Amy Taubin's Best Films of 2023

Amy Taubin's Best of 2023
December 12th 2023

This is the best-of-the-year film list I wrote for Artforum and then withdrew in protest against the firing of the magazine’s great editor-in-chief David Velasco. I was not alone, as even a cursory look at the skeletal December issue reveals. I’ve written for and been a contributing editor to Artforum for over two decades, and I’m as proud of my association with the magazine as I was of writing for the Village Voice. I’ve worked with great editors at both publications, but David is unique in that he reshaped a magazine with a celebrated history in response to the radical transformation of art and artists in the 21st century. I remember going to meetings in the late 1960s of artists, many of them world famous, who wanted to respond to the crisis in the Civil Rights Movement and the war in Vietnam. And for the most part we were never able to figure out how aesthetics and politics could be combined. David saw that for artists in this moment, their work must speak truth to power, and therefore that aesthetics are inseparable from politics. He saw that addressing the value of individual lives and the life of the planet is what artists have always done, but that this work—this aesthetic—has never been more critical than it is right now.

Ken Jacobs Up The Illusion
   

1. KEN JACOBS: UP THE ILLUSION

For seven months the windows on the corner of 10th Street and Broadway were the site of 65 years of visionary moving image works by Ken Jacobs as they flickered on multiple screens. The seventy-odd pieces could also be streamed free of charge at the 80WSE gallery site. An ingenious presentation of formally and politically combative movies, an illuminated history of the underground.

Green Border (Agnieszka Holland)
   

2. GREEN BORDER (Agnieszka Holland)

Denounced by Poland’s highest officials who were losers in the election that took place just weeks after its Warsaw opening, Holland’s fact-following fiction depicts, with urgency and narrative filmmaking mastery, the racism which inspires the brutal, inhumane treatment of refugees at Poland’s border with Belarus.

Oppenheimer
   

3. OPPENHEIMER (Christopher Nolan)

Projected as if from the mind of the man who managed the making of the first atomic bomb, Nolan’s interpretation of the visionary quantum physicist mutates from exhilaration to despair.

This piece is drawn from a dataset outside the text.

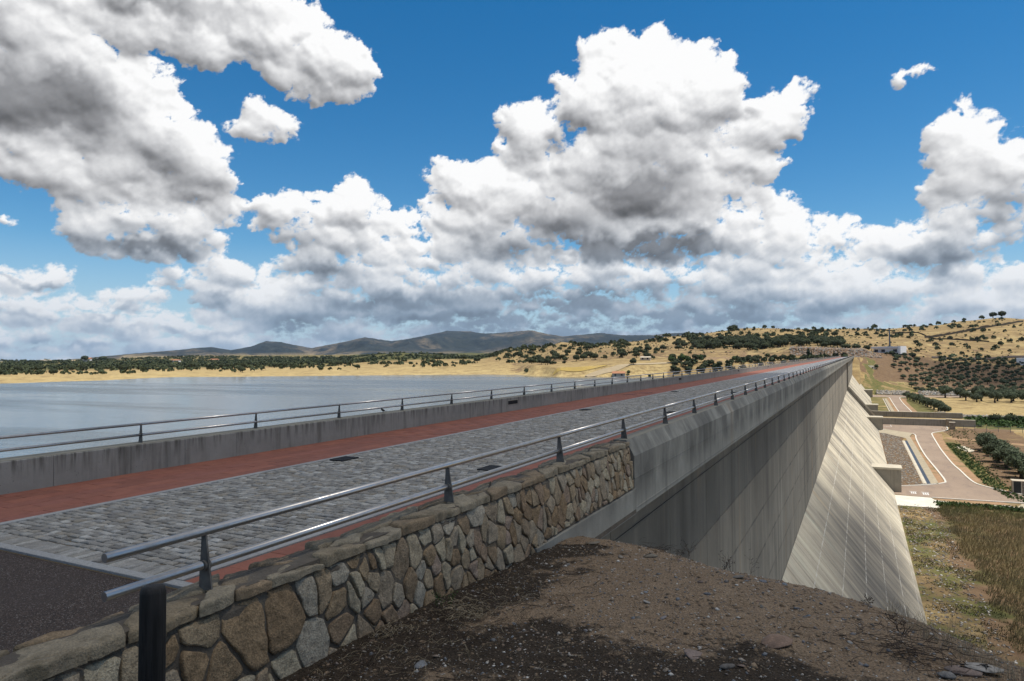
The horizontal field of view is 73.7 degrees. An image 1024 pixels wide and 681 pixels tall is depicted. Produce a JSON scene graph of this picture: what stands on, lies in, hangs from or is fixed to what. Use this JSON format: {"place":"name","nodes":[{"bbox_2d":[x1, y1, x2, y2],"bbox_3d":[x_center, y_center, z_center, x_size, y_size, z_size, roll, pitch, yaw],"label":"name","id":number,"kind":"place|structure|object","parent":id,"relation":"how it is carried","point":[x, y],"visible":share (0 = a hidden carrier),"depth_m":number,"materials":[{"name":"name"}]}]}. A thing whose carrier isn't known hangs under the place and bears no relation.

Killers of the Flower Moon
   

4. KILLERS OF THE FLOWER MOON (Martin Scorsese)

The robbery and mass murder of the Osage people in the 1920s is told with wrenching, tragic detail, but anyone who thinks this is ancient history missed the resemblance of “King” Hale (a smarmy Robert De Niro) to the newly elected Speaker of the U.S. House of Representatives, and dozens of other believers in white male privilege.

Hit Man
   

5. HIT MAN (Richard Linklater)

A screwball comedy and the tonal inverse of David Cronenberg’s terrifying A History of Violence, it provides excellent advice for anyone trying to teach 18-year-olds how not to get boxed in.

Thousand and One
   

6. A THOUSAND AND ONE (A.V. Rockwell)

Directed with enormous confidence, this vividly lensed, emotionally rich first feature depicts the imperiled relationship between a Black mother and the boy she is raising as her son against the epic, 16-year gentrification of Brooklyn during the Giuliani and Bloomberg eras.

Menus Plaisirs
   

7. MENUS-PLAISIRS - LES TROISGROS (Frederick Wiseman)

Simmering beneath this engrossing four-hour documentary—how a lunch and a dinner served by a three-star Michelin restaurant gets from farms and vineyards to the kitchen and then the tables reserved by people who can afford such cuisine—is the conflict involved in passing the torch from the chef to his sons.

May December
   

8. MAY DECEMBER (Todd Haynes)

Cool, often cruel: the moving parts of a triangle created by two willfully oblivious women and one sweet, hunky guy fly apart, and there is hope.

La Chimera Best of 2023
   

9. LA CHIMERA (Alice Rohrwacher)

Beauty matters—Northern Italy photographed by Hélène Louvart—in this fable of a diviner who pillages ancient graves to find a passage to unite him with his dead lover.

Close Your Eyes Showing Up Best Of 2023
   

10. (tie) CLOSE YOUR EYES (Victor Erice) and SHOWING UP (Kelly Reichardt)

Tied for tenth place, an unlikely narrative coupling: a once celebrated Spanish filmmaker’s loss of belief in representation with a modest American sculptor preparing her first show. Both films conclude with an extended moment of transcendence in which the illumination of faces in one and of a tree-lined street in the other transform your experience of everything that came before.